Really, you can’t plan to disappear and not show it. The plan is too big. So then is this unplanned? Carefully reading the note again, there it is, that familiar handwriting, easy cursive that graced two decades of beautiful Christmas and birthday cards with love and sentiment and wishes for
Much Happiness!
and
The Very Best!
The note is short, written on a piece of the hotel stationery. Sara Beth collects stationery when she travels, folding pieces of paper from inns and Marriotts and now the refurbished Plaza into her purse. But this doesn’t jive, her strange message about life, and turning forty, not with the sweet messages of the past. Finding her way? She feels lost? Rachel’s eyes fly over the words. She has to do this, she says. She can’t go back home feeling this way.
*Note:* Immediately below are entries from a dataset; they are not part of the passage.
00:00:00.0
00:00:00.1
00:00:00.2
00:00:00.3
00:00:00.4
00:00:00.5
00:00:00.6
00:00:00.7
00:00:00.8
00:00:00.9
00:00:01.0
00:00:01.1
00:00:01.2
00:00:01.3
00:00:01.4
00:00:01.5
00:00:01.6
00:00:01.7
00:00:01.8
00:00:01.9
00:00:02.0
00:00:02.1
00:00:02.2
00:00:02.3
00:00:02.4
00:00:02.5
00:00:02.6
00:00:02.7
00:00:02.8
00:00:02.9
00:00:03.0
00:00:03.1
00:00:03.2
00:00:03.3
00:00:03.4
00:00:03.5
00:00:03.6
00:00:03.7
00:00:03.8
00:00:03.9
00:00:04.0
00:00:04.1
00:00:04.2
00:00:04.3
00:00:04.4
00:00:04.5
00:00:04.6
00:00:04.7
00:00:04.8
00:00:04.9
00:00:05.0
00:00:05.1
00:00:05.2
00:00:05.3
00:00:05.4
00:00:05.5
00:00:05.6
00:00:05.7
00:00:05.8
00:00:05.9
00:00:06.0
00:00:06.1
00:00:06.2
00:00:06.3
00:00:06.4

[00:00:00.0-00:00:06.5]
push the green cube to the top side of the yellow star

“What on earth,” Rachel says. “What way?”

Please don’t tell Tom about this. I really need some time alone, Rachel, to sort things out. I am so sorry to do this now, on our fortieth birthdays. I know it means a lot to you and I promise you another celebration. But we go back a long time and you’re the only, only person who will understand and let me do this, let me walk away from it all for a little while. It all sounds crazy, gosh, I know I sound crazy, but please don’t worry. Please give me just these couple days alone to try to figure this out, to figure me out.

Wait.
Wait,
Rachel’s thoughts cry out, as though Sara Beth can hear them. But they often do know the other’s thoughts. She stops reading and looks around the restaurant again. Time alone? Here? Outside the window, the city buildings crept a step nearer in the one minute since she last looked out. She can almost yell Red Light, the way everything presses in, in a matter of seconds. Red Light!
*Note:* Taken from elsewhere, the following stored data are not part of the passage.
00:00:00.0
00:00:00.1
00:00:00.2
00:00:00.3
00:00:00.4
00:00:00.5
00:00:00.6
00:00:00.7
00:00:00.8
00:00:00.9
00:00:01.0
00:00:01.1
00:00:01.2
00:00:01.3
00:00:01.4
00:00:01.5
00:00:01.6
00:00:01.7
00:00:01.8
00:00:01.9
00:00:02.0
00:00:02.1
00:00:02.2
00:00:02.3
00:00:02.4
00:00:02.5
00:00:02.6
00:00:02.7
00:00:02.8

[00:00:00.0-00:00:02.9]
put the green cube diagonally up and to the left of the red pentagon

It’s just that my life is a mess right now and I feel so lost. I need this one weekend alone to think, to fix things, to find room for me again, my dreams. When else could I ever—

Rachel squints to read a line Sara Beth crossed out. Something about if she doesn’t do this. Well now. If she doesn’t do this, what? Will she come right back and resume the weekend? If she doesn’t do this, what exactly will happen? What kind of nonsense is this? Will she find herself standing on the George Washington Bridge, or buying a pair of designer boots to alleviate some midlife crisis? Instead, past the crossed out line, Sara Beth writes,

Please try to understand. Like we’ve always done for each other. We’ll talk soon. Promise.—Love, Sara Beth

“Okay, enough.” Rachel grabs her cell from the table and starts to dial again. “Shoot!” she whispers half way through, then disconnects and drops it in her bag. Worry has never felt so scary, not in all her livelong life. After several moments when she hopes beyond hope that Sara Beth changes her mind and comes rushing back, breathless, apologetic,
What was I thinking?
she’d ask, Rachel finally leaves enough money to cover the lunch tab, gathers the shopping bags and walks herself straight out into the city. After checking back at the hotel for Sara Beth, she flags down a mounted police officer a few blocks further.

“That’s a difficult situation,” he tells her.

“I know. That’s why I need your help,” Rachel says, stepping back when the chestnut horse shifts its stance beneath him, nodding hard against the reins. She squints, but can’t see past the black sunglasses, the helmet, the dark uniform. Right now, more than anything, what she needs is a cop, and this officer is the only one in sight.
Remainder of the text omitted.